In recent months, Mountain View Whisman has been grappling with the financial structure of its employee housing project, which opened in February. Until this point, the district has owned the building itself, but has been renting the land from a real estate developer that is building an adjacent market-rate development.
Paying off the annual ground lease had been one of the biggest challenges facing the project, Superintendent Jeff Baier told the board members on Thursday.
“It’s a major cost driver, and reducing or eliminating that ongoing expense is key to making this project financially sustainable for the long term,” Baier said. “Not taking action now allows a known problem to persist.”
Finding enough tenants to fill the building at the current rental rates has proved to be a challenge. The City Council recently approved increasing the income limits for the project in an attempt to allow more employees to qualify.
District staff and board members suggested on Thursday that buying the land could allow the district to lower rents, although Baier told the Voice that the specific amounts aren’t yet known. A one-bedroom apartment currently costs either $1,450 or $2,900 a month, depending on how much a tenant earns.
Deciding to purchase the land
The school district anticipates that it will initially cost roughly $1 million annually to pay off the certificates of participation used to finance the land acquisition, Baier told the Voice. That’s substantially lower than the $1.9 million annual ground lease.
In total, paying off the certificates of participation is expected to cost roughly $45-50 million over 30 years, depending on the interest rate, Baier said. In contrast, the ground lease was expected to cost $270-380 million over a 55-year term.
At $53.5 million for a 1.8 acre site, the district is going to be paying roughly $30 million an acre. That’s substantially higher than the roughly $13.2 million per acre that the Los Altos School District paid in 2019 for a school site in Mountain View.
Mountain View Whisman’s employee apartments are also fulfilling the developer’s obligations to provide affordable units as part of its market-rate project next door.
Baier attributed the high cost of the land to the fact that the district had already entered into a ground lease with the developer, which it essentially had to buy out.
At Thursday’s meeting, board member Charles DiFazio said that while the price might not be perfect, he felt it was a good deal that eliminates the escalating ground lease expenses.
“It’s going to better enable us to keep this affordable and make more people able to access this incredible opportunity,” DiFazio said.
Four residents of the employee housing came to Thursday’s meeting, each praising the district for the project and talking about the benefits that having an affordable home has brought to their lives.
In contrast, there were also community members who opposed the land purchase and raised concerns about the district’s decision making. Aytek Celik stressed the way that the project’s costs have ballooned over time.

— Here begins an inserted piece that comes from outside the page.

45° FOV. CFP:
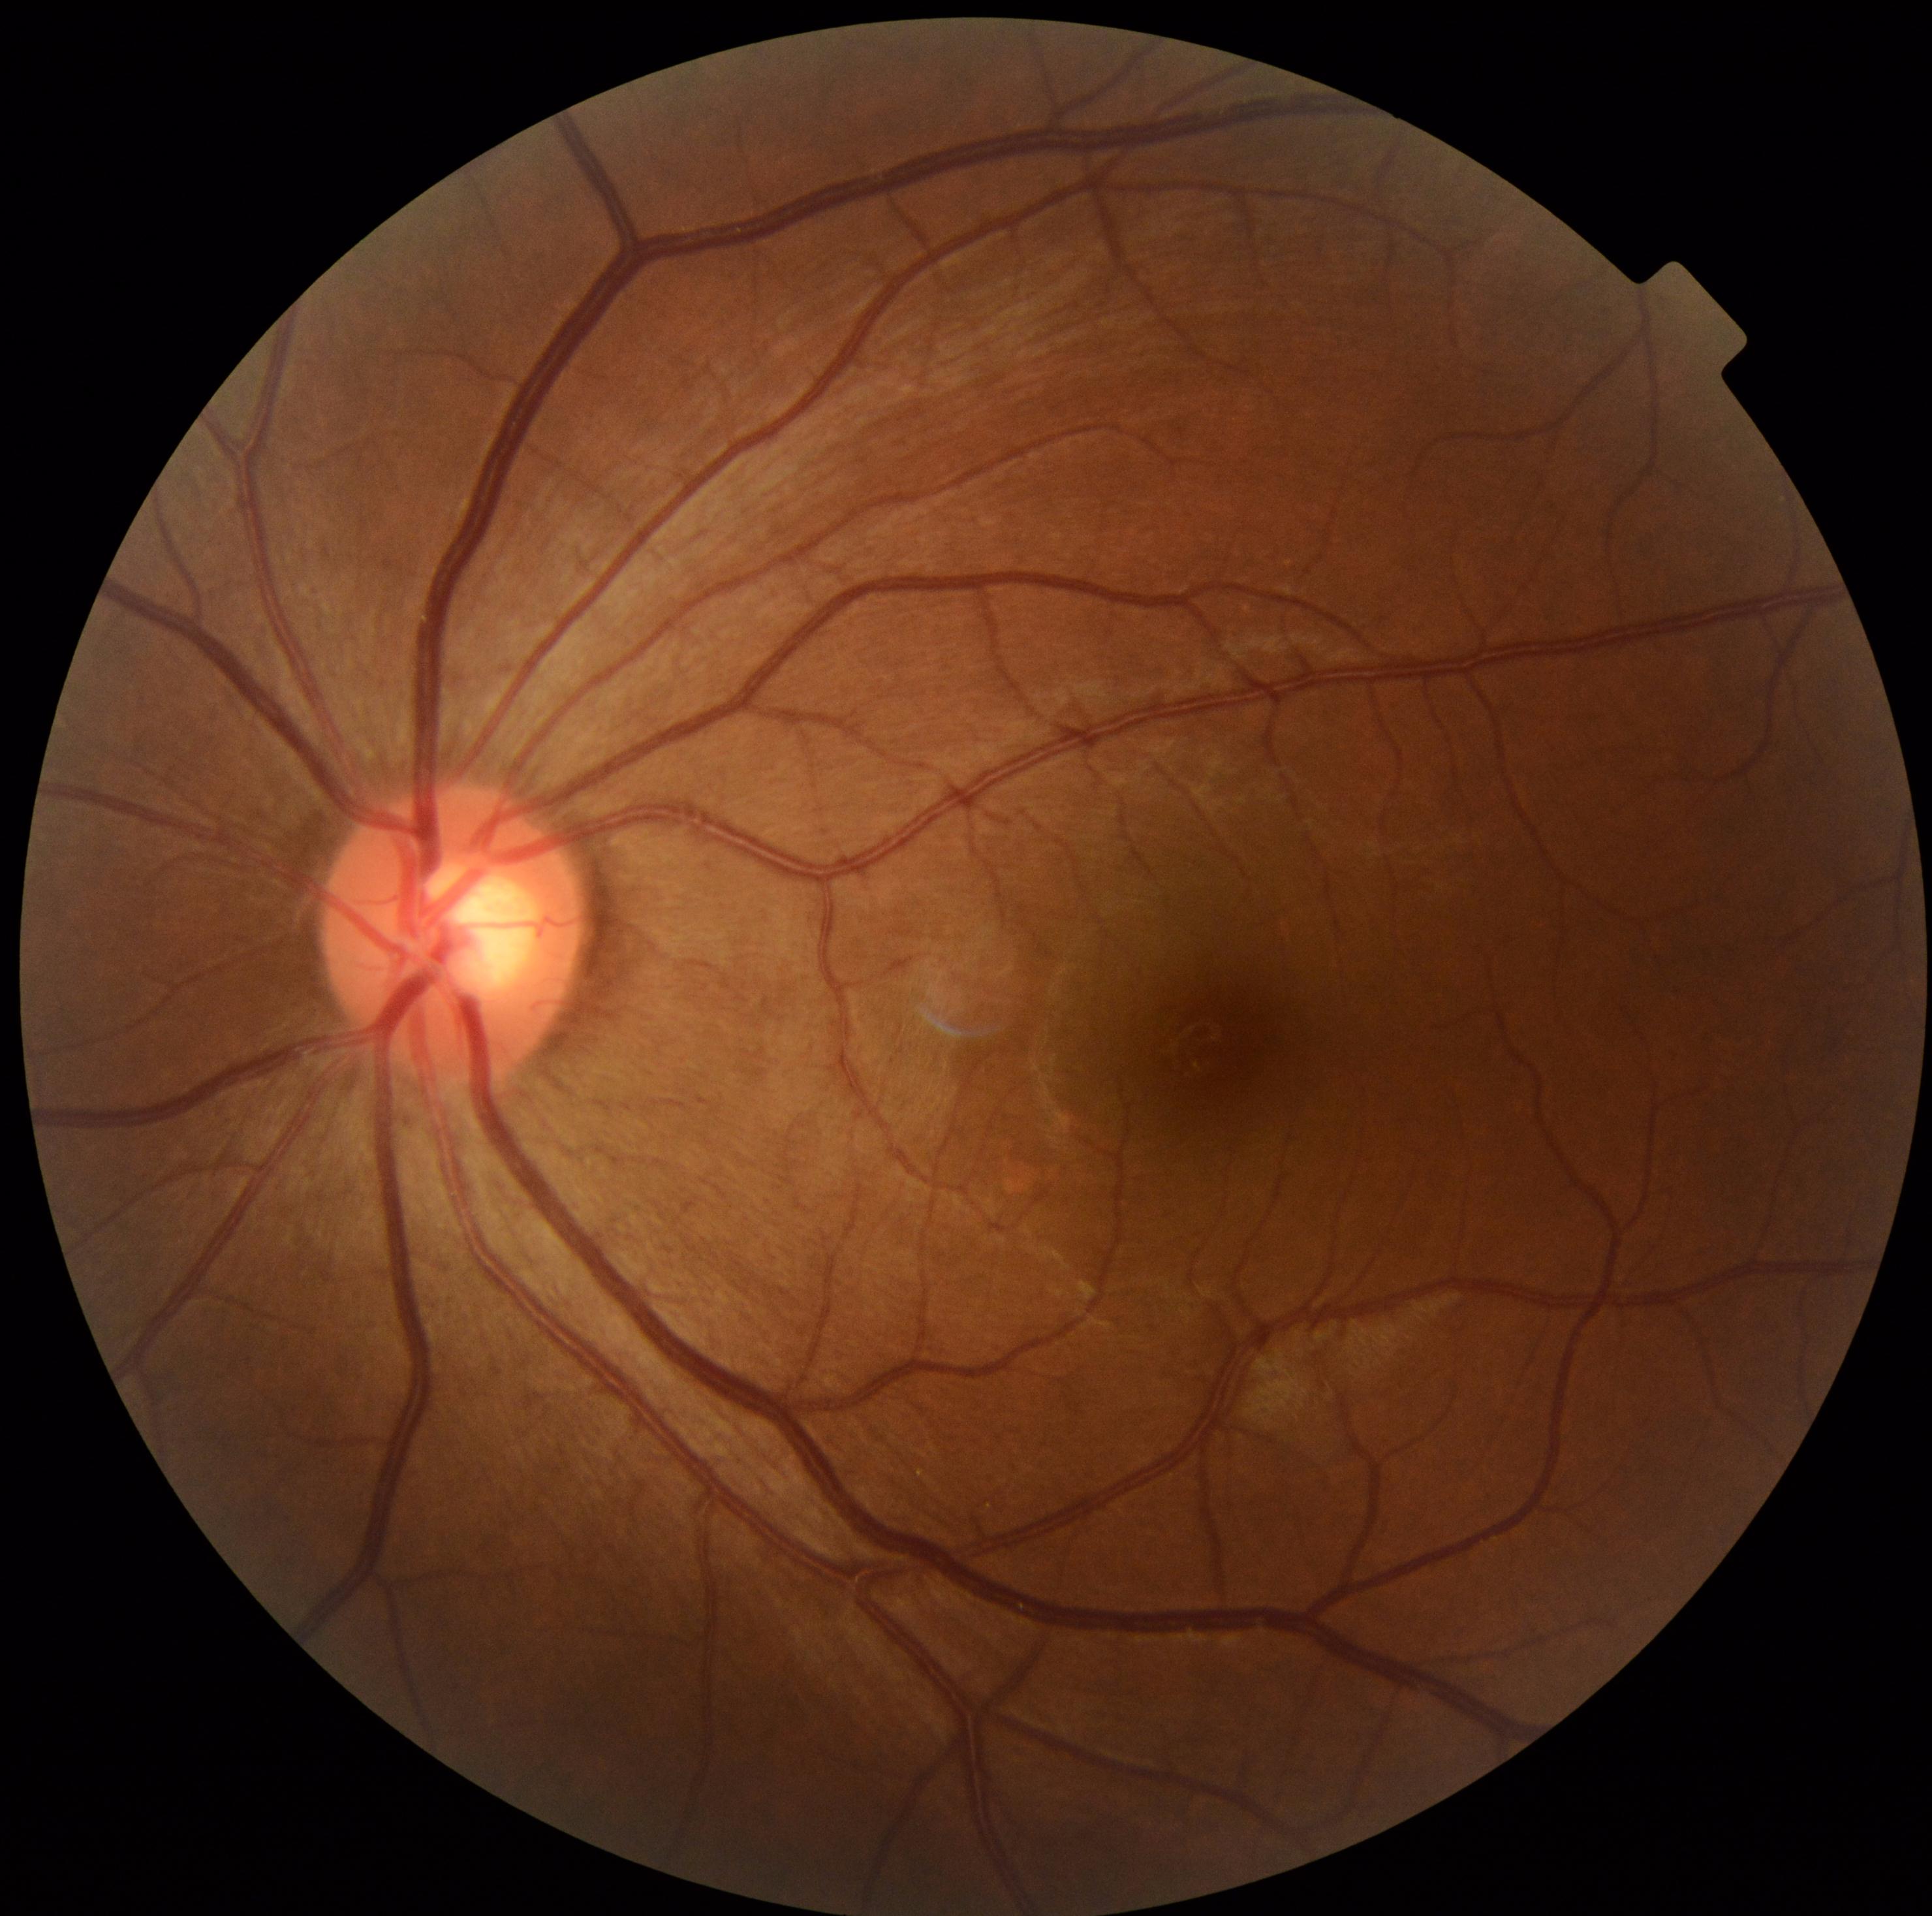 DR impression = no signs of DR | DR grade = 0.

“I am troubled and concerned by the possibility of buying the staff housing project,” Celik said. “Please stop throwing good money after bad.”





They may go down as probably the worst negotiators in the history of Mountain View.

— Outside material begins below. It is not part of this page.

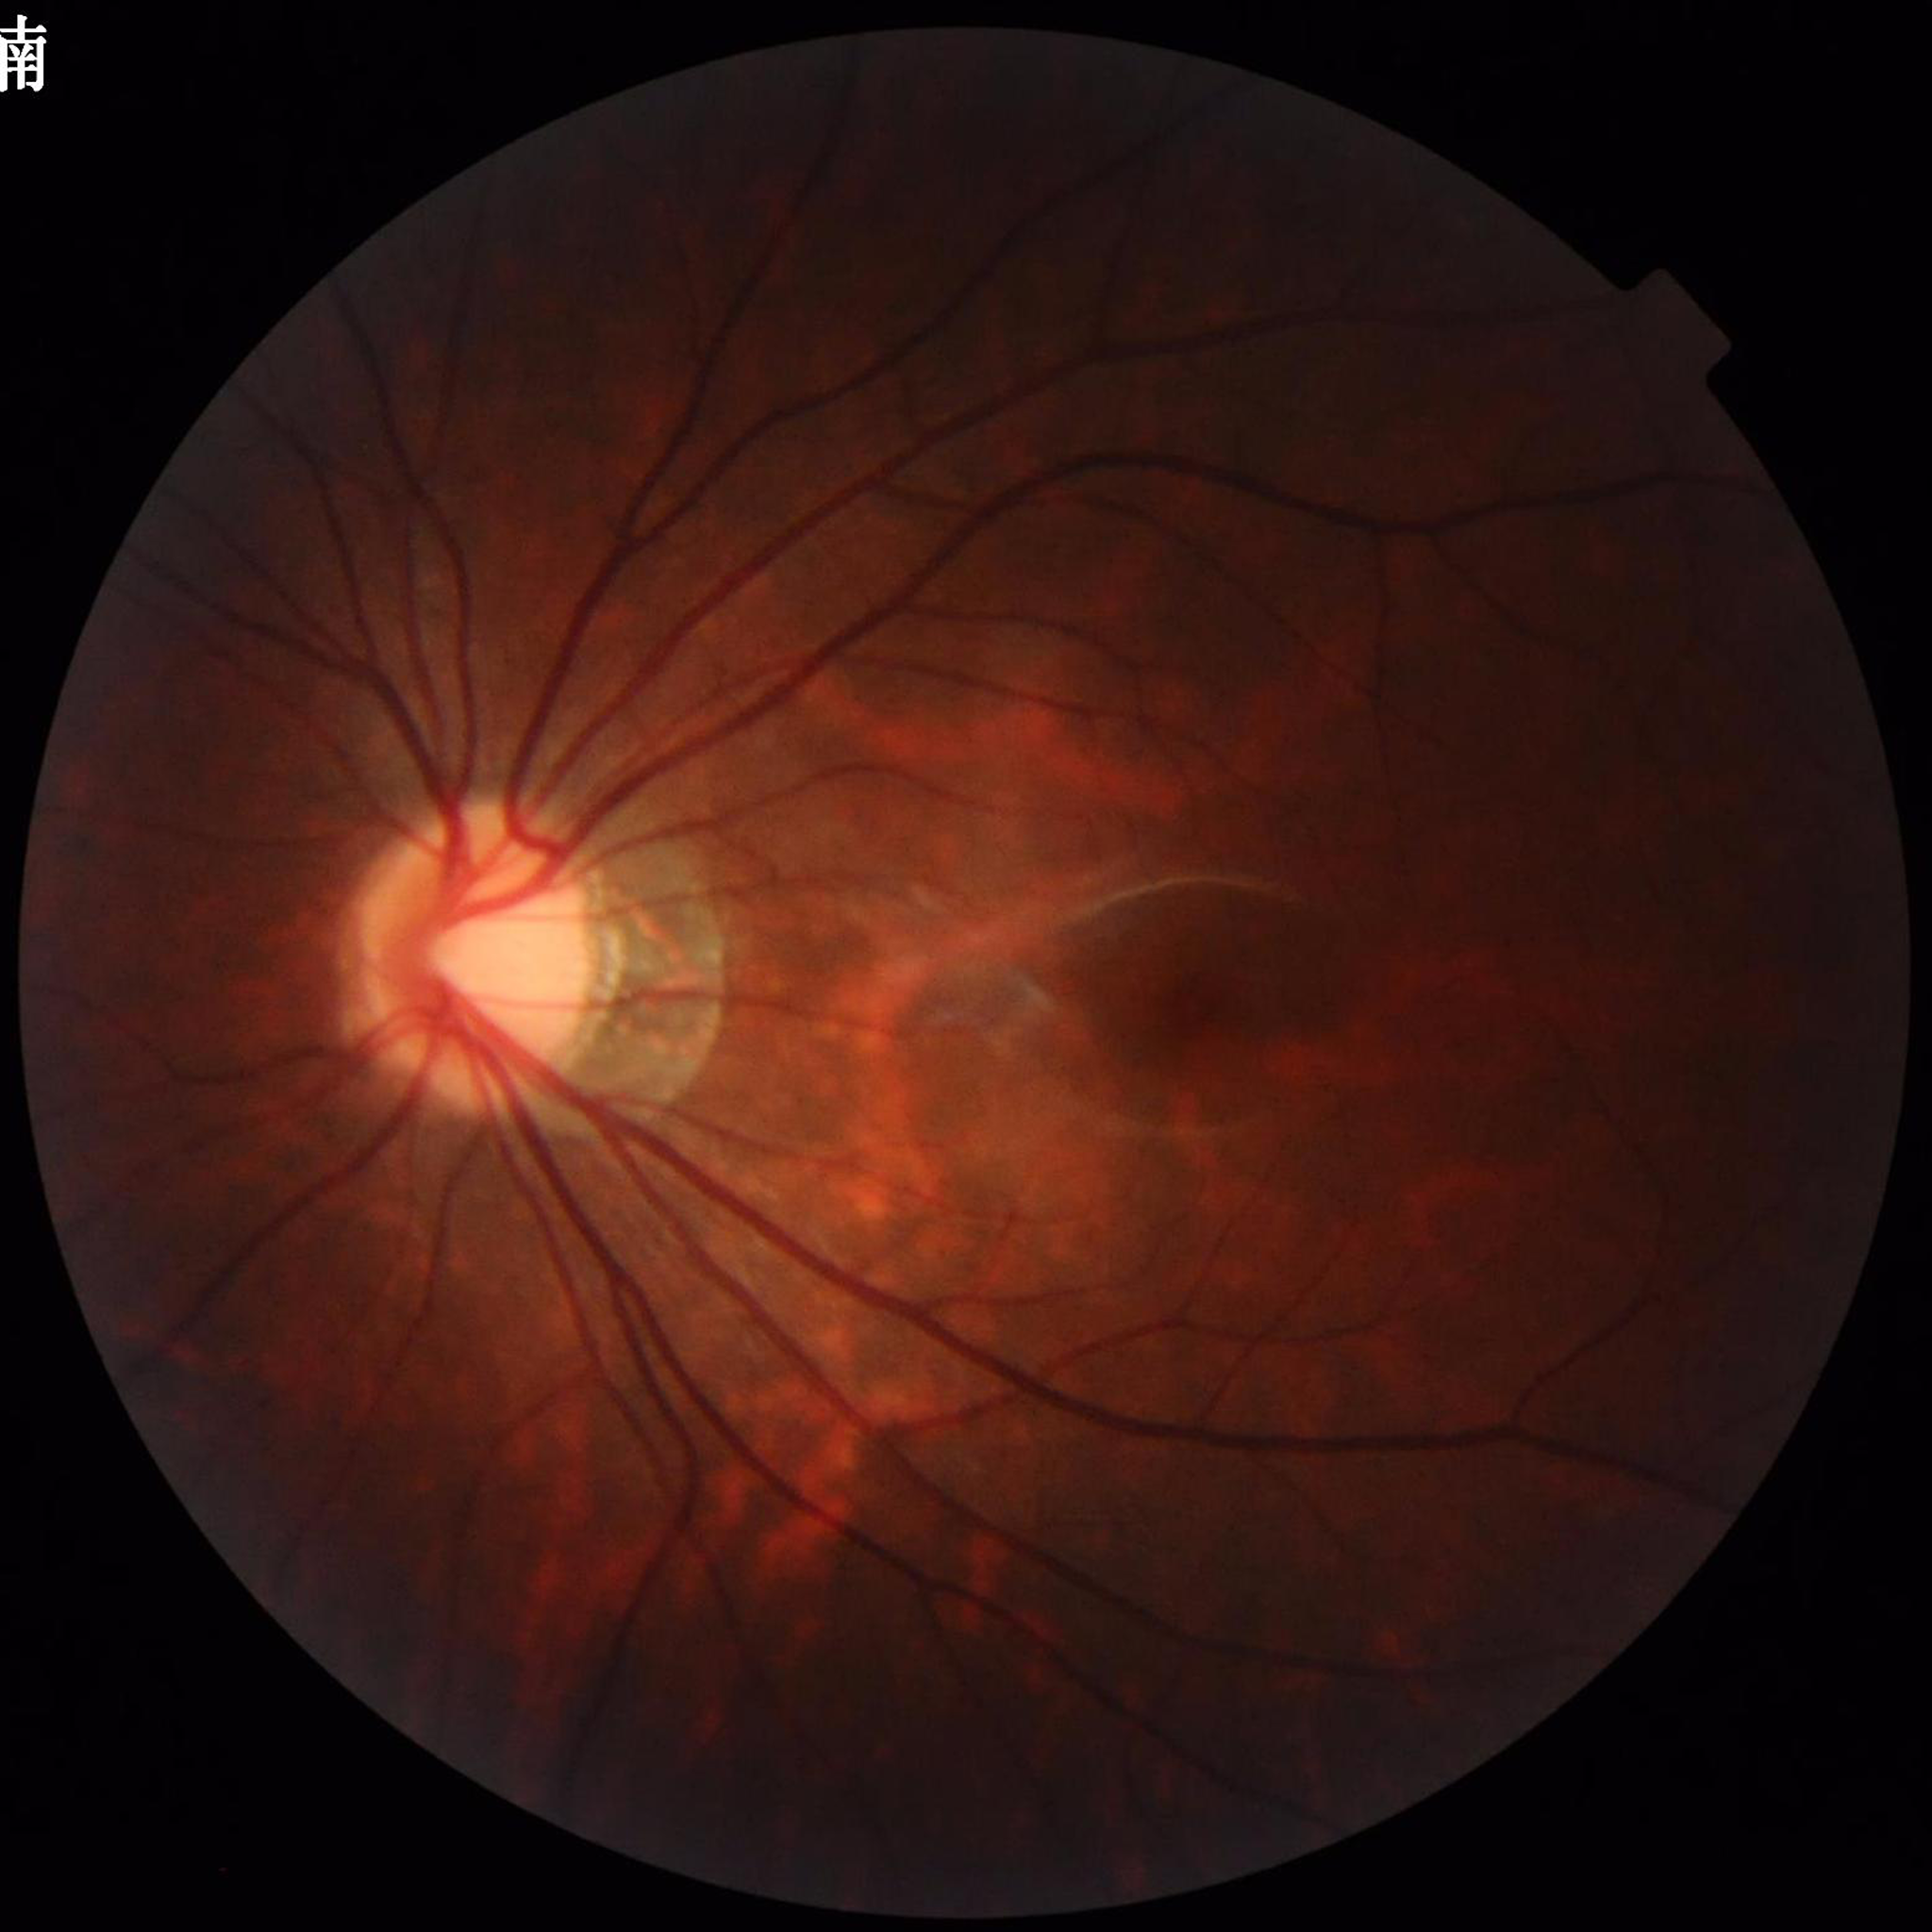

Fundus image of an eye with glaucoma.

But I’m not sure what other option they had. $1.9mm a year is a lot of money. Blame goes back to the original deal with whomever was on that board. Chris, Bill, who else signed that thing?
In retrospect, the initial proposal to build housing on district own land (Cooper Park) would have been considerably simpler and cheaper.

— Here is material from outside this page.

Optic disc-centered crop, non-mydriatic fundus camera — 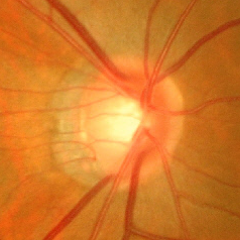

Glaucomatous optic neuropathy is present. Fundus image with findings of advanced glaucomatous optic neuropathy.

So Mountain View has its share of responsibility in derailling that initial proposal.
Also, the City seems to have provided the developer with a pretty sweet deal as its obligation to provide affordable units seems to have been paid by the School district (both for the building AND now for the land).
Did Ayinde Rudolph pay back his sweetheart home loan
This could pay off since the property tax on the 1.8 acres should go away now that it is owned by a school district. But it was an outrageous amount to pay for restricted land like that.